##### INFORMATION SHOWN #####
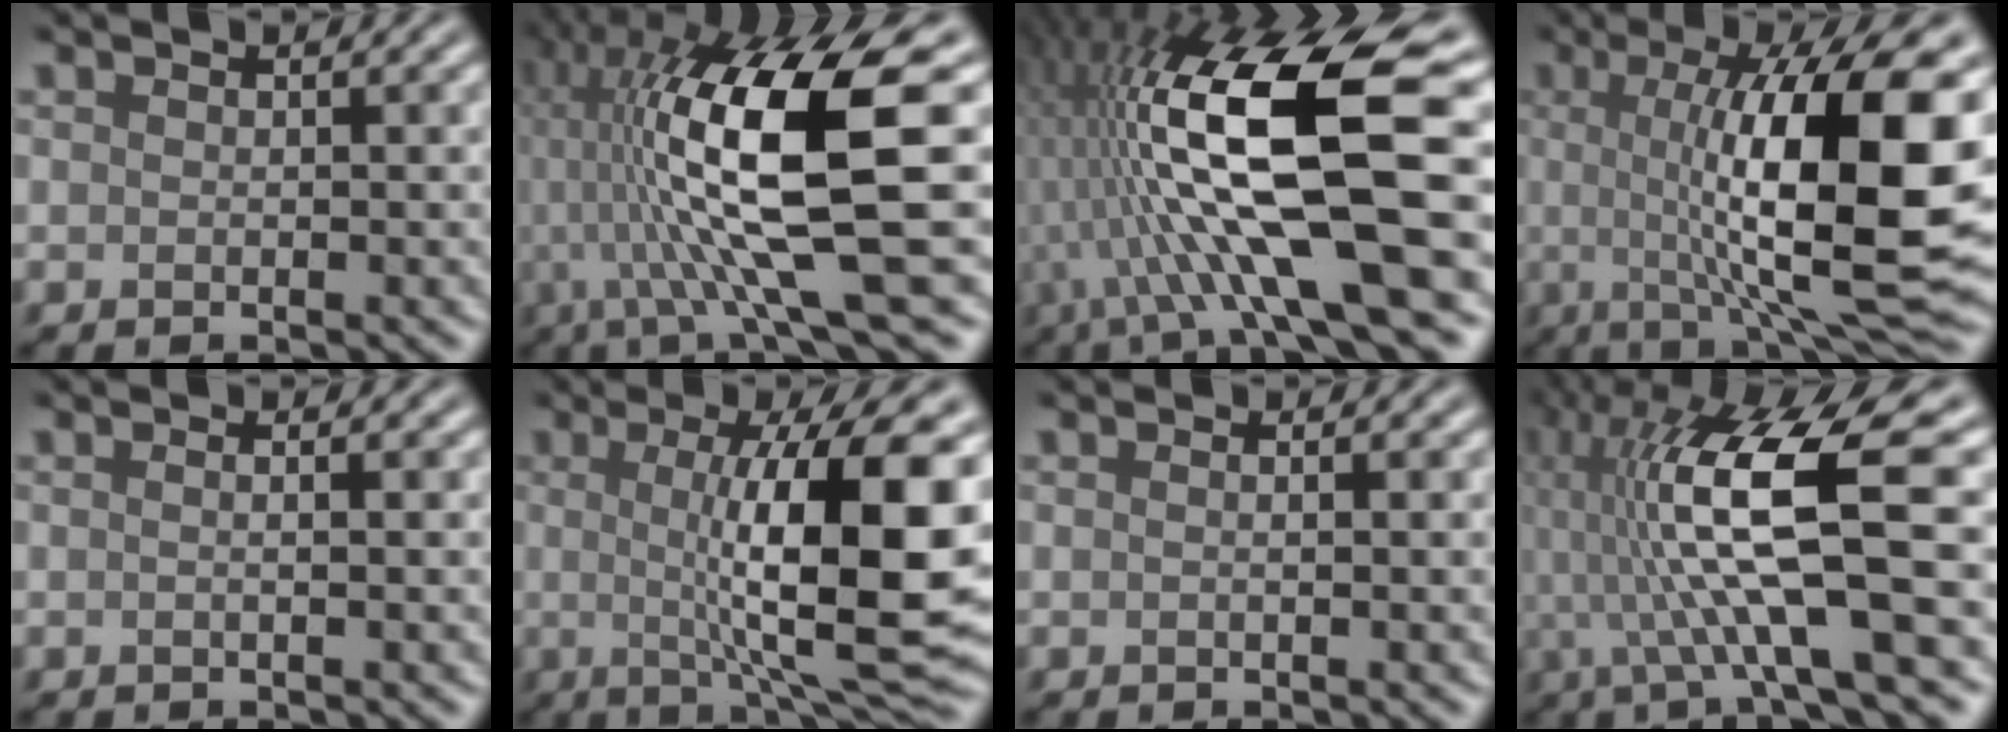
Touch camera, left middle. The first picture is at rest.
{"total": 14.4, "force": [1.0, 2.7, 14.1], "torque": [-0.256, 0.010, 0.028]}
{"total": 15.6, "force": [-0.8, 4.3, 15.0], "torque": [-0.277, 0.022, -0.009]}
{"total": 14.6, "force": [0.6, 4.0, 14.0], "torque": [-0.181, 0.004, 0.010]}
{"total": 1.6, "force": [0.4, 0.9, 1.3], "torque": [0.001, 0.002, -0.016]}
{"total": 12.7, "force": [0.5, 3.0, 12.3], "torque": [-0.156, 0.002, 0.014]}
{"total": 1.3, "force": [0.3, 0.7, 1.1], "torque": [0.002, -0.001, -0.014]}
{"total": 12.1, "force": [0.8, 2.6, 11.8], "torque": [-0.226, 0.013, 0.024]}
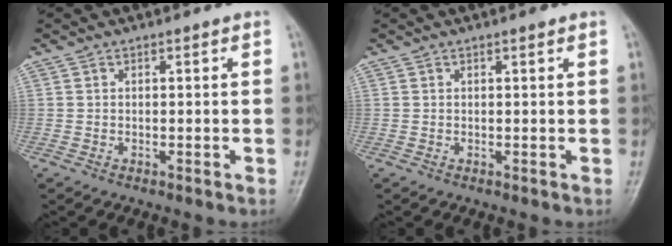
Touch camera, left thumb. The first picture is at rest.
{"total": 0.7, "force": [0.4, 0.1, 0.5], "torque": [-0.007, -0.001, 0.005]}
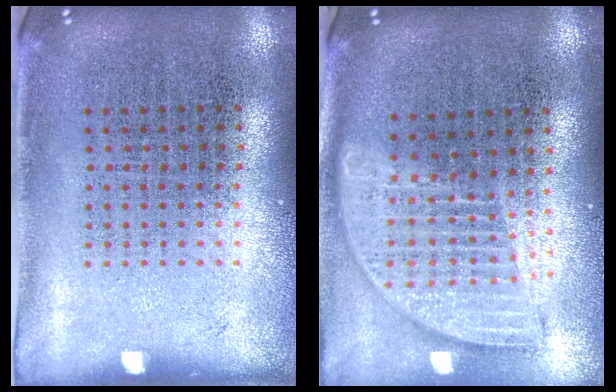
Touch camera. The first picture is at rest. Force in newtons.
{"total": 1.8, "press": 1.5, "slide": 1.0}
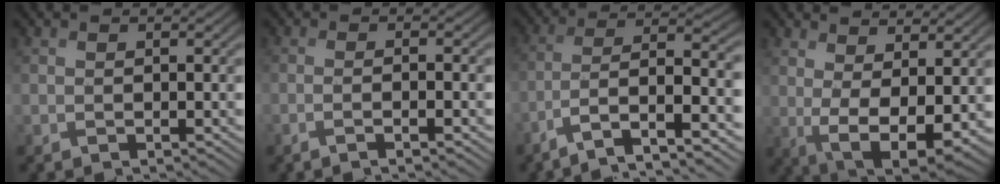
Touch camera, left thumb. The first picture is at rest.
{"total": 2.5, "force": [-1.0, 0.3, 2.3], "torque": [-0.033, 0.006, -0.029]}
{"total": 10.3, "force": [-5.9, 2.5, 8.1], "torque": [-0.125, 0.009, -0.110]}
{"total": 8.0, "force": [1.6, 3.5, 7.0], "torque": [-0.142, -0.013, 0.038]}
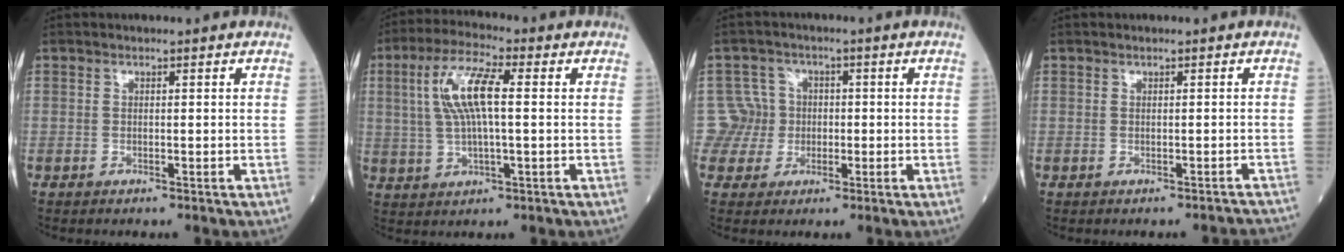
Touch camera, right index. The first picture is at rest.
{"total": 9.2, "force": [1.7, 1.8, 8.8], "torque": [-0.187, 0.014, 0.036]}
{"total": 4.8, "force": [-0.3, 4.7, -0.5], "torque": [0.024, 0.014, -0.007]}
{"total": 2.9, "force": [-2.8, 0.1, 0.6], "torque": [-0.002, -0.011, -0.022]}
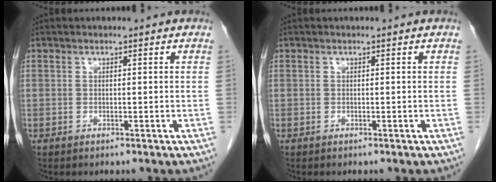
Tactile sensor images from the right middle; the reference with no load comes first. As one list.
[{"total": 0.0}]
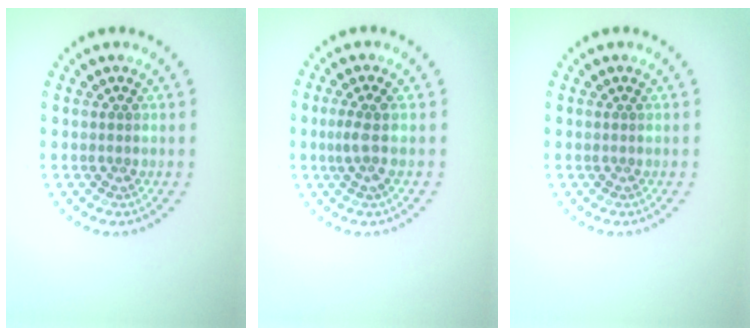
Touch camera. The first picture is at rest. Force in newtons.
{"total": 1.7, "press": 1.3, "slide": 1.1}
{"total": 0.0}
#####
What should appear is an exact reproduction of the lines from the one with "Tactile sensor images" through the end of the material above, and no pictures.

Tactile sensor images from the right middle; the reference with no load comes first. As one list.
[{"total": 0.0}]
Touch camera. The first picture is at rest. Force in newtons.
{"total": 1.7, "press": 1.3, "slide": 1.1}
{"total": 0.0}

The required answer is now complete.